**ACTIVITY:** Give the number of lines in the following entries that contain the word "shade", with nothing added.

**SUPPLIED MATERIAL:**
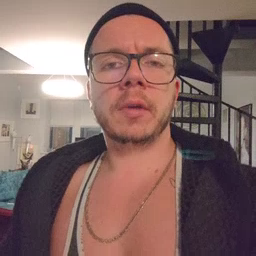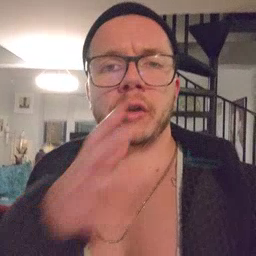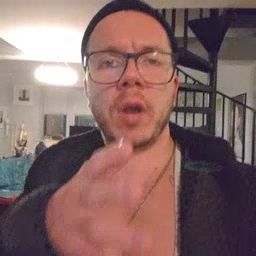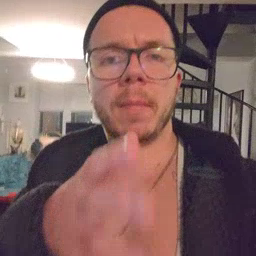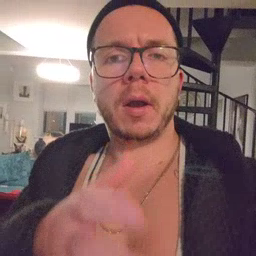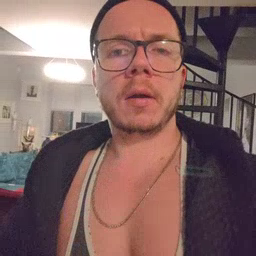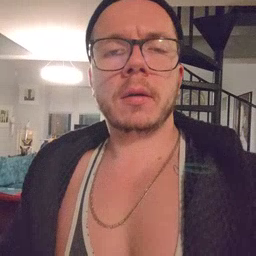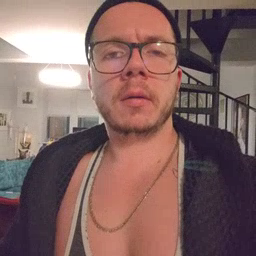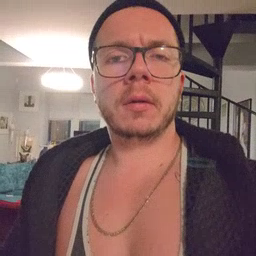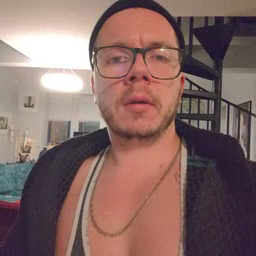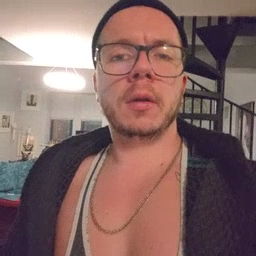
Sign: grandma
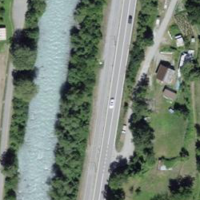
EUNIS habitat code: 43
Species observed at this site:
Carcharodus alceae
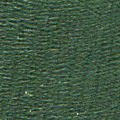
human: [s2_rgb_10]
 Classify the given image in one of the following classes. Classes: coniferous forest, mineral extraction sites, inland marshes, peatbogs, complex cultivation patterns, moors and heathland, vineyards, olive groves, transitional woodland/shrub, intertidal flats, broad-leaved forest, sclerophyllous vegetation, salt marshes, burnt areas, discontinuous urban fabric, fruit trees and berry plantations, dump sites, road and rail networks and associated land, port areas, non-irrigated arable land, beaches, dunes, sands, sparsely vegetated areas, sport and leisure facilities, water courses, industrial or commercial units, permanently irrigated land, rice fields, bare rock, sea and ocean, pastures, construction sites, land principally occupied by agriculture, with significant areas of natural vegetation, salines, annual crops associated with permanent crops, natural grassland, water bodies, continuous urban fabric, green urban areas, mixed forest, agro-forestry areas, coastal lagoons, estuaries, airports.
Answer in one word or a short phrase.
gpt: sea and ocean
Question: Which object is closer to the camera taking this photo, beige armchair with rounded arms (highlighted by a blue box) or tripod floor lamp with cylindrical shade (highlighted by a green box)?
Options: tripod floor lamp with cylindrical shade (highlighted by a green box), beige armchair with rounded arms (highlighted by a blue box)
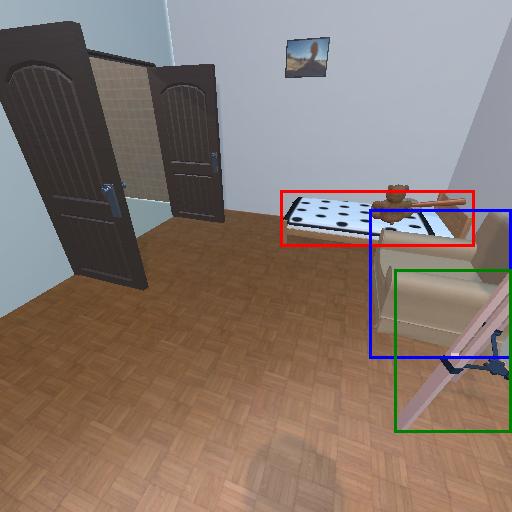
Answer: tripod floor lamp with cylindrical shade (highlighted by a green box)
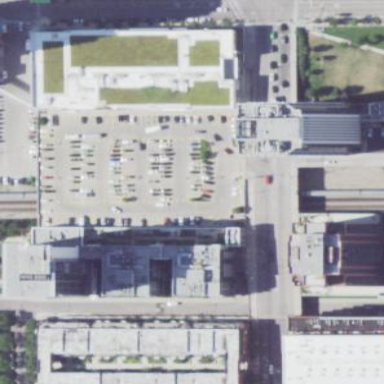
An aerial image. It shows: Rooftop parking area.
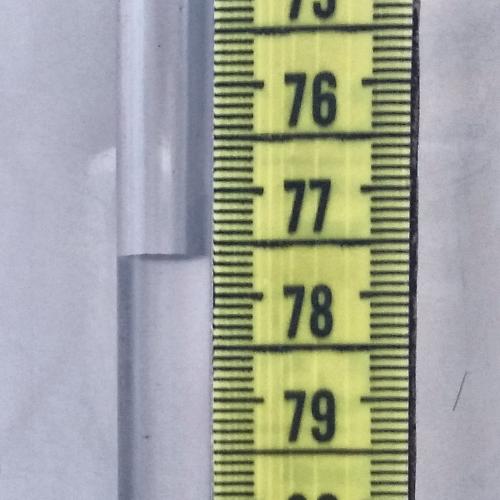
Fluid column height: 77.6 cm
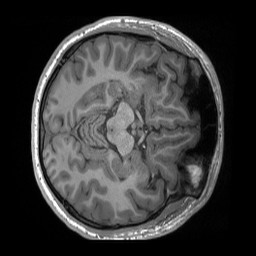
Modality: T1w
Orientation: axial
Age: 22
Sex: male
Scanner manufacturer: siemens
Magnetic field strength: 3 T
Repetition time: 2.4 s
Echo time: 0.00224 s
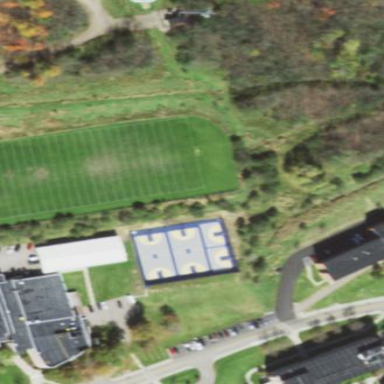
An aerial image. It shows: Pitch for American football.
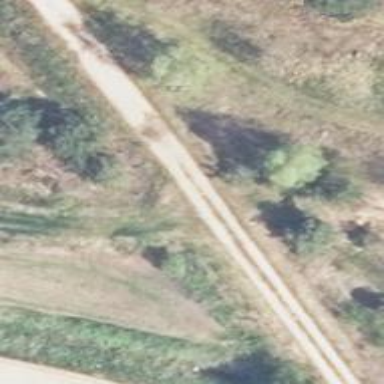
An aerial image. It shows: Ground track with grade 4 track type.
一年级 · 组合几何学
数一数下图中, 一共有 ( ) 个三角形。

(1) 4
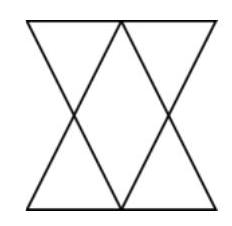
答案: 详解(2)
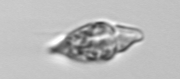
Label: Amphidinium
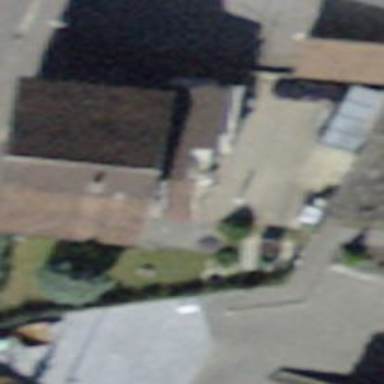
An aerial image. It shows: Simple and straightforward house.
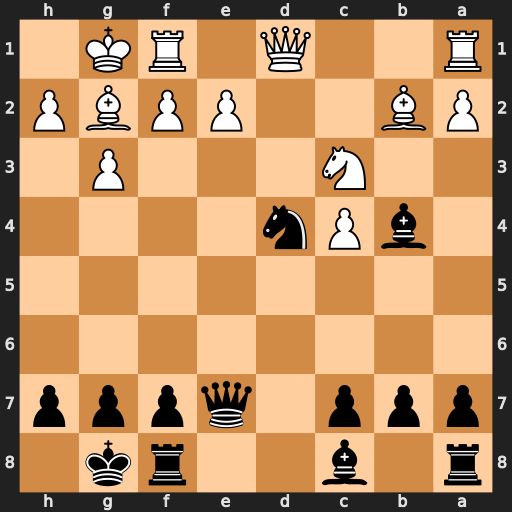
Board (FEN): r1b2rk1/ppp1qppp/8/8/1bPn4/2N3P1/PB2PPBP/R2Q1RK1
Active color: b
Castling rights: -
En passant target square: -
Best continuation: Bxc3 Bxc3 Nxe2+
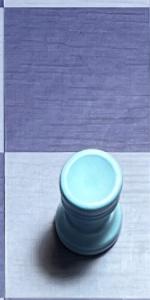
Label: Rook_White
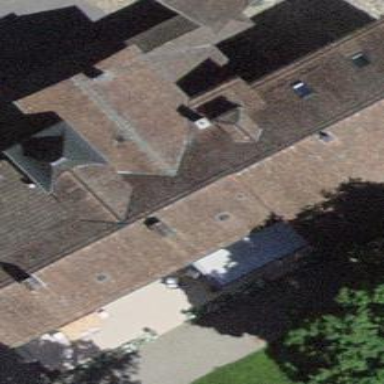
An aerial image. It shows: Half-hipped roof building.
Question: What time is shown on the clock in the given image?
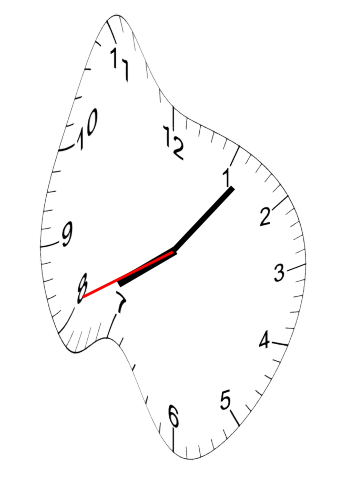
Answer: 08:06:41
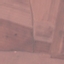
Land use / land cover class: AnnualCrop
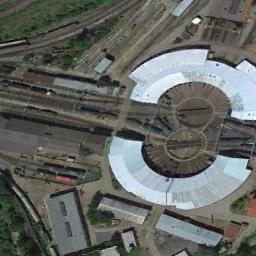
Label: railway_station
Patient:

**PROBLEM SOLUTION:** 3